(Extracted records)
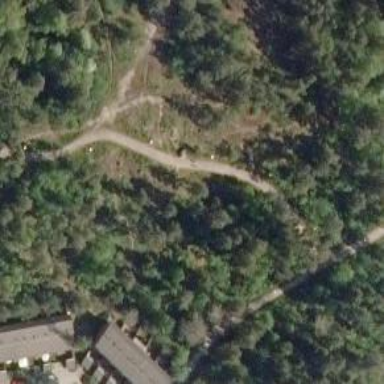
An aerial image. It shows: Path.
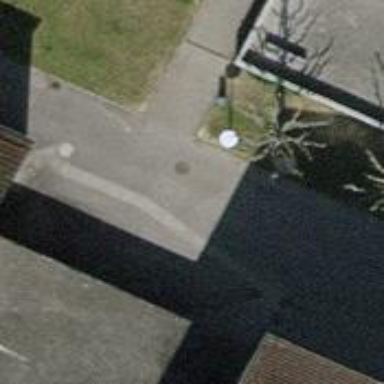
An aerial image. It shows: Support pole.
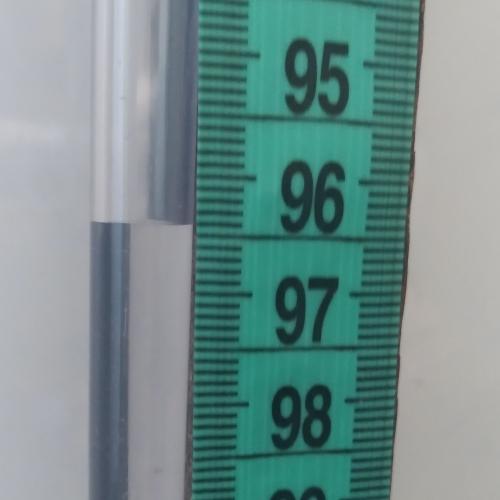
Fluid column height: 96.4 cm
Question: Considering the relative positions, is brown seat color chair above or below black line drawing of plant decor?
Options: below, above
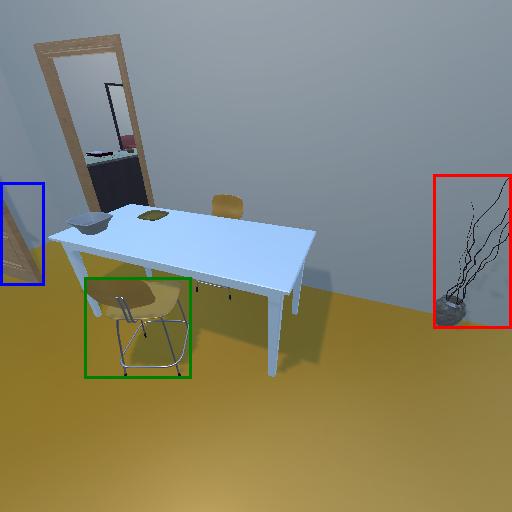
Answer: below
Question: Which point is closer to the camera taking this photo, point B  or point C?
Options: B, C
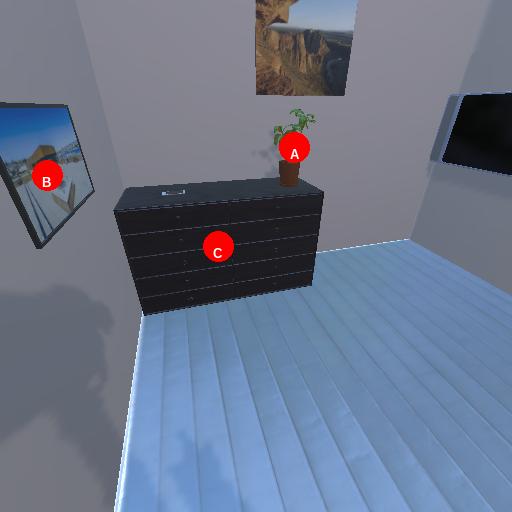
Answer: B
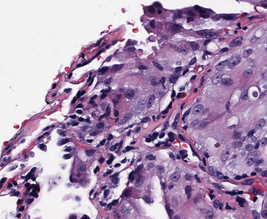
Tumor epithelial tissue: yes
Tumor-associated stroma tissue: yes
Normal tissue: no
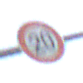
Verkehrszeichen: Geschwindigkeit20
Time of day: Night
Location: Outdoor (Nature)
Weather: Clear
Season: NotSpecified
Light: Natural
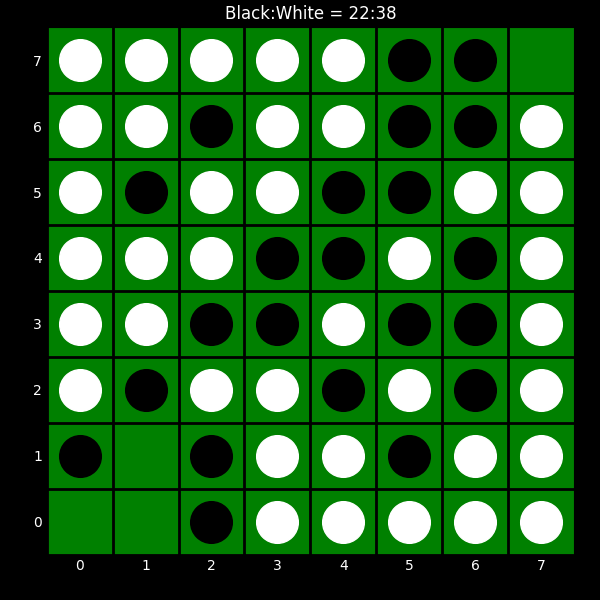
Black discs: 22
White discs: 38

# [WORK REQUIRED]
Pictures must not appear in the copy, and every record must be restated word for word.

# [RESULT FOR THIS EXERCISE]
An aerial image. It shows: Path.
An aerial image. It shows: Support pole.
Fluid column height: 96.4 cm
Question: Considering the relative positions, is brown seat color chair above or below black line drawing of plant decor?
Options: below, above
Answer: below
Question: Which point is closer to the camera taking this photo, point B  or point C?
Options: B, C
Answer: B
Tumor epithelial tissue: yes
Tumor-associated stroma tissue: yes
Normal tissue: no
Verkehrszeichen: Geschwindigkeit20
Time of day: Night
Location: Outdoor (Nature)
Weather: Clear
Season: NotSpecified
Light: Natural
Black discs: 22
White discs: 38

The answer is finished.